In recognition of the difficulties graduates will face in paying back student loans if their tuition rate is not commensurate with the wages they will likely receive upon graduating, the law will set standards based on the ratio of the program’s tuition compared to the typical earnings of the specific, identifiable occupation for which the program is designed to prepare students.  OSHE and DOL will enforce these performance quality standards as appropriate for any career-oriented postsecondary education or training program at an institution licensed or approved by the State.

The standards will apply to both credit and non-credit based career-oriented programs at all postsecondary institutions, including two- and four-year public colleges, private non-profit independent institutions, and proprietary institutions.

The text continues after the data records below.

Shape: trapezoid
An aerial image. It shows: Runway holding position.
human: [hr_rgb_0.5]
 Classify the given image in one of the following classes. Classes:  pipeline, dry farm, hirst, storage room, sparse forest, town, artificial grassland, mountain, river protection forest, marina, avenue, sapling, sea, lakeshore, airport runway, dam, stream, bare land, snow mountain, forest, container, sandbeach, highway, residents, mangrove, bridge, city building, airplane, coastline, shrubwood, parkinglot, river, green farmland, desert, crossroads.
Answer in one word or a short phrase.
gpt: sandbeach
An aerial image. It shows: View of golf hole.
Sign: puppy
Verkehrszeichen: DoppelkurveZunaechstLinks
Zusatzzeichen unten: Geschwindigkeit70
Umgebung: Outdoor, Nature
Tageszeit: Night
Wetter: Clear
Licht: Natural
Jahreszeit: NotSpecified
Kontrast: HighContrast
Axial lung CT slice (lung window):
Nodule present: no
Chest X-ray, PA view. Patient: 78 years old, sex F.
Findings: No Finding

Primary sponsors of the bill include Senators Joseph Cryan and Sandra Cunningham, as well as Assemblywomen Mila Jasey, Annette Quijano, and Britnee N. Timberlake.

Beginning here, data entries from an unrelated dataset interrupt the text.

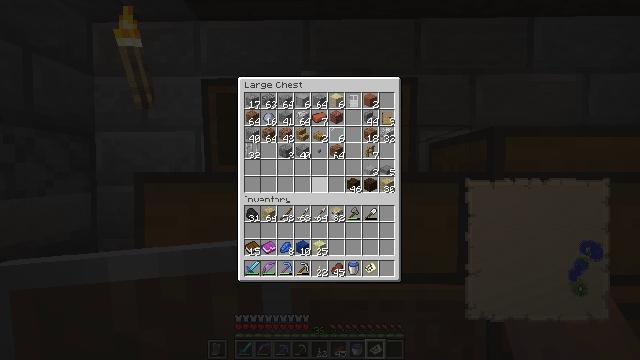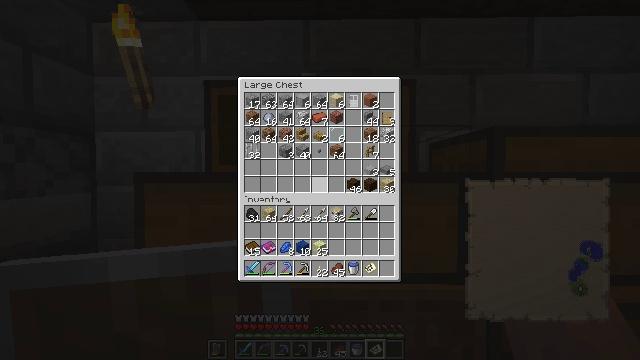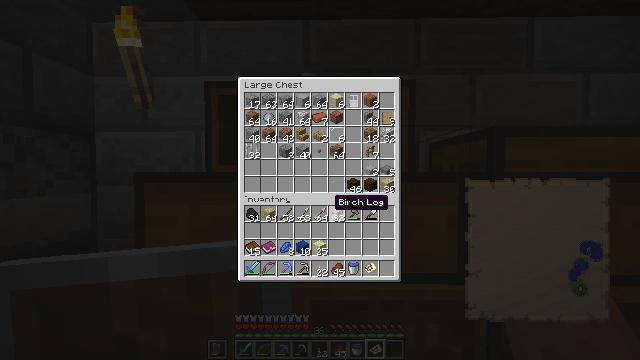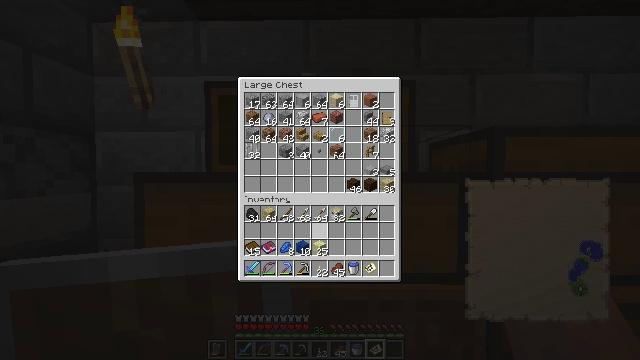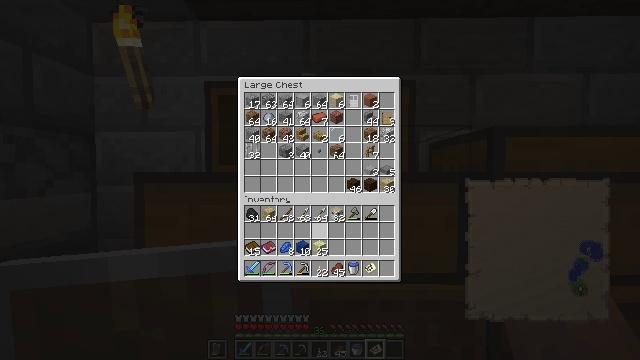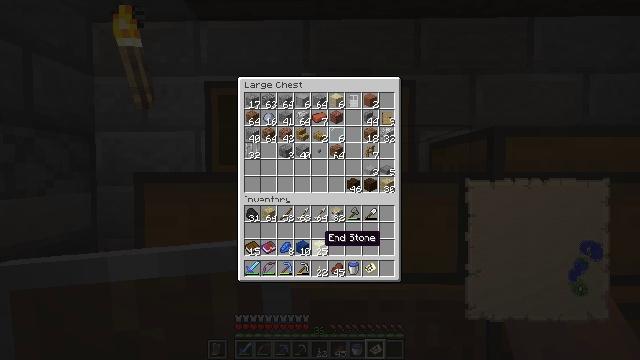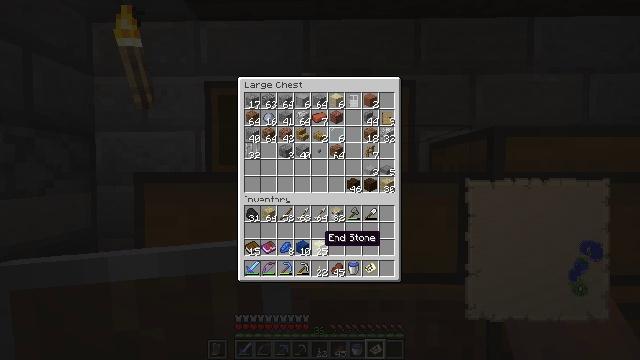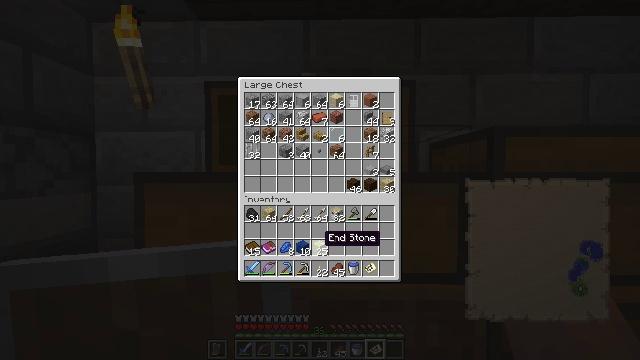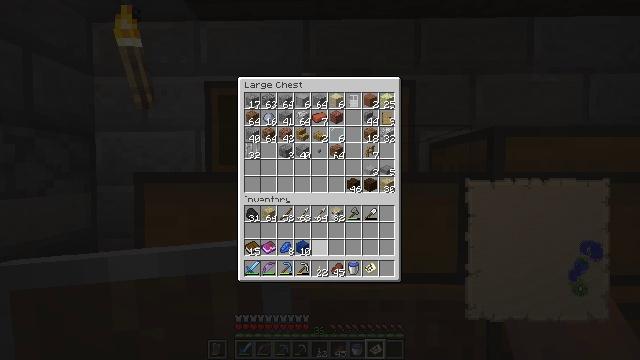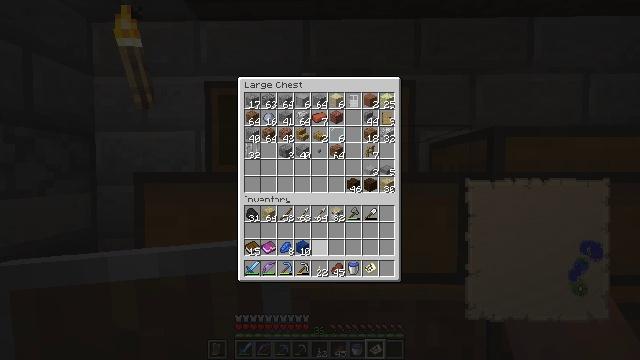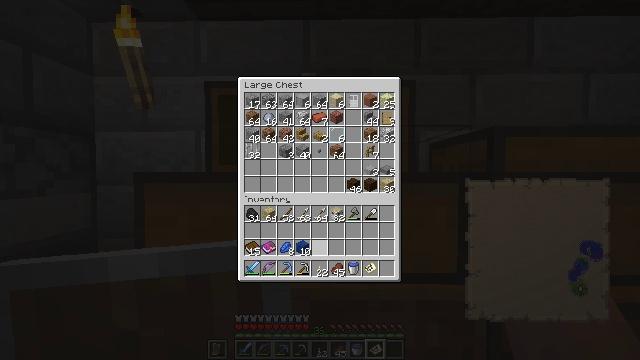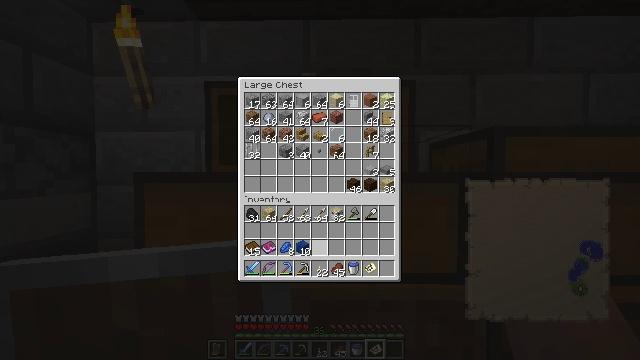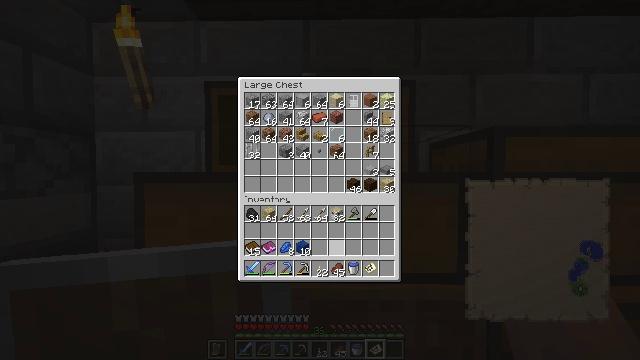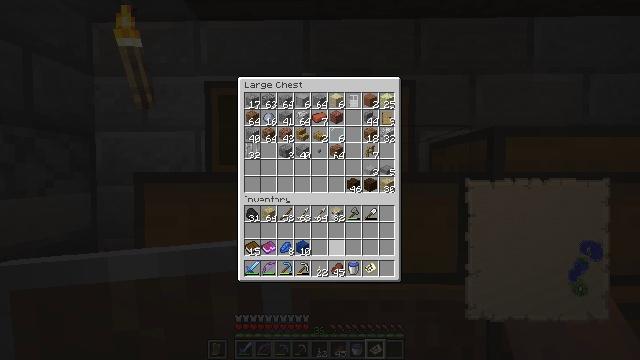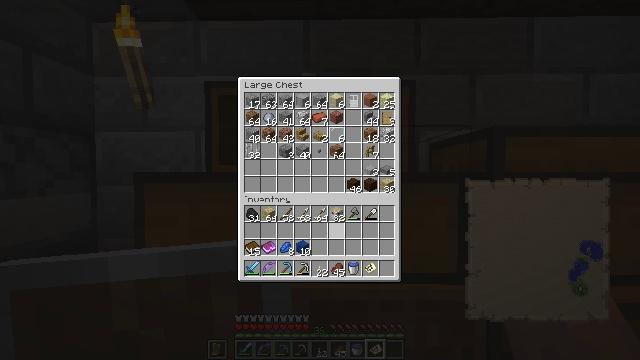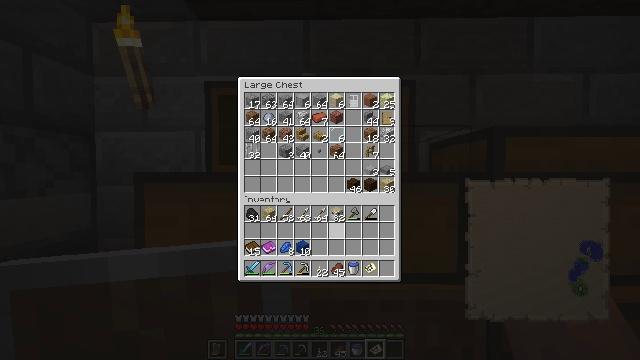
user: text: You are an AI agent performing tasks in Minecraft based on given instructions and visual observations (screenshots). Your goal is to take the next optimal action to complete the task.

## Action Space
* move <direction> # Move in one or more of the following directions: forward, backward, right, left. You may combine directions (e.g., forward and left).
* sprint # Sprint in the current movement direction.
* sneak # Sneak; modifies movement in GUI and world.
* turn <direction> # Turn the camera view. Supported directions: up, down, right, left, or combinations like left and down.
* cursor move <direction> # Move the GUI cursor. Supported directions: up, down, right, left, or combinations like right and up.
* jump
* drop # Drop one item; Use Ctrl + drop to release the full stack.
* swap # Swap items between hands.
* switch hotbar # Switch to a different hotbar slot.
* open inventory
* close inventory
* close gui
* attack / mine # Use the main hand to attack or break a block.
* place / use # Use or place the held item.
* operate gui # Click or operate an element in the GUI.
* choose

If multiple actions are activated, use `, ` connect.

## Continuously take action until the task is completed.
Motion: motion action
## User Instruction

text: Open your crafting interface and create a cauldron.
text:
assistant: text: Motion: no_op
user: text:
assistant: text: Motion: cursor move down
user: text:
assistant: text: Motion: cursor move left and down
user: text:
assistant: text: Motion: cursor move down
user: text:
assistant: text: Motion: cursor move down
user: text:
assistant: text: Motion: sneak
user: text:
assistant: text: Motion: sneak
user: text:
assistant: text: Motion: sneak, operate gui
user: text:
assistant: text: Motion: sneak
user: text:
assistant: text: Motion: sneak
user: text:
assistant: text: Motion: no_op
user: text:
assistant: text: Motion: cursor move right
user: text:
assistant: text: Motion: no_op
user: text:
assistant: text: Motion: no_op
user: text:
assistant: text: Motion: no_op
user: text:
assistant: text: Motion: no_op
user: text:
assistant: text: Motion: no_op
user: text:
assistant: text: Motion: no_op
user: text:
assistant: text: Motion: no_op
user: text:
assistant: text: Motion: turn right and down, close gui
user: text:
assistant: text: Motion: turn right and down
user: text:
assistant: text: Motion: no_op
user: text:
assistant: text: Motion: turn up
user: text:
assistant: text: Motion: turn right and down, open inventory
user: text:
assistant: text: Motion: open inventory
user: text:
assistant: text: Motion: no_op
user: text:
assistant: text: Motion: no_op
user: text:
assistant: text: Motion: no_op
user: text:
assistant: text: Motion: turn left and up
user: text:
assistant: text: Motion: turn left

“The cost of a college degree and job training schools is a significant expense meant to be an investment in their future career opportunities,” said Senator Cryan.  “But these costs can leave them burdened with debt that can be disproportionate to their income potential.  They deserve to know what they are paying for and what they can afford.”

“Too many students already struggle to pay off their student loan debt and that stands in the way of their financial security well into their adult lives,” said Assemblywoman Jasey.  “Institutions must take into consideration the cost of a program as compared with a student’s anticipated earnings in their chosen career or profession.  Through the new law, reasonable performance quality standards will be set, preventing career-oriented courses of study from overcharging students for programs and incurring debt for which they will not earn sufficient salaries to repay.”

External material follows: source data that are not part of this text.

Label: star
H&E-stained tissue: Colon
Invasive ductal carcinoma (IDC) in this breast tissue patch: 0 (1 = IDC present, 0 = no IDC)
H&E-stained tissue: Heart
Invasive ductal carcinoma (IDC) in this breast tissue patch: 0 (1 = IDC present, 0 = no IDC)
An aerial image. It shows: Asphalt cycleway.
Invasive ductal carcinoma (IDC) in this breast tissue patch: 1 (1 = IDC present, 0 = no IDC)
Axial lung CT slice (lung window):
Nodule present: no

“We commend Governor Murphy, the bill sponsors, and our State legislators for their commitment to addressing a root cause behind the student debt crisis that has saddled New Jerseyans with almost $50 billion in outstanding loans,” said New Jersey Citizen Action Financial Justice Director Beverly Brown Ruggia.  “This legislation sets a national precedent for creating transparency and ethical standards for training schools and career schools operating in New Jersey.  It will ensure these programs are of good quality and priced according to the potential earnings of their graduates.”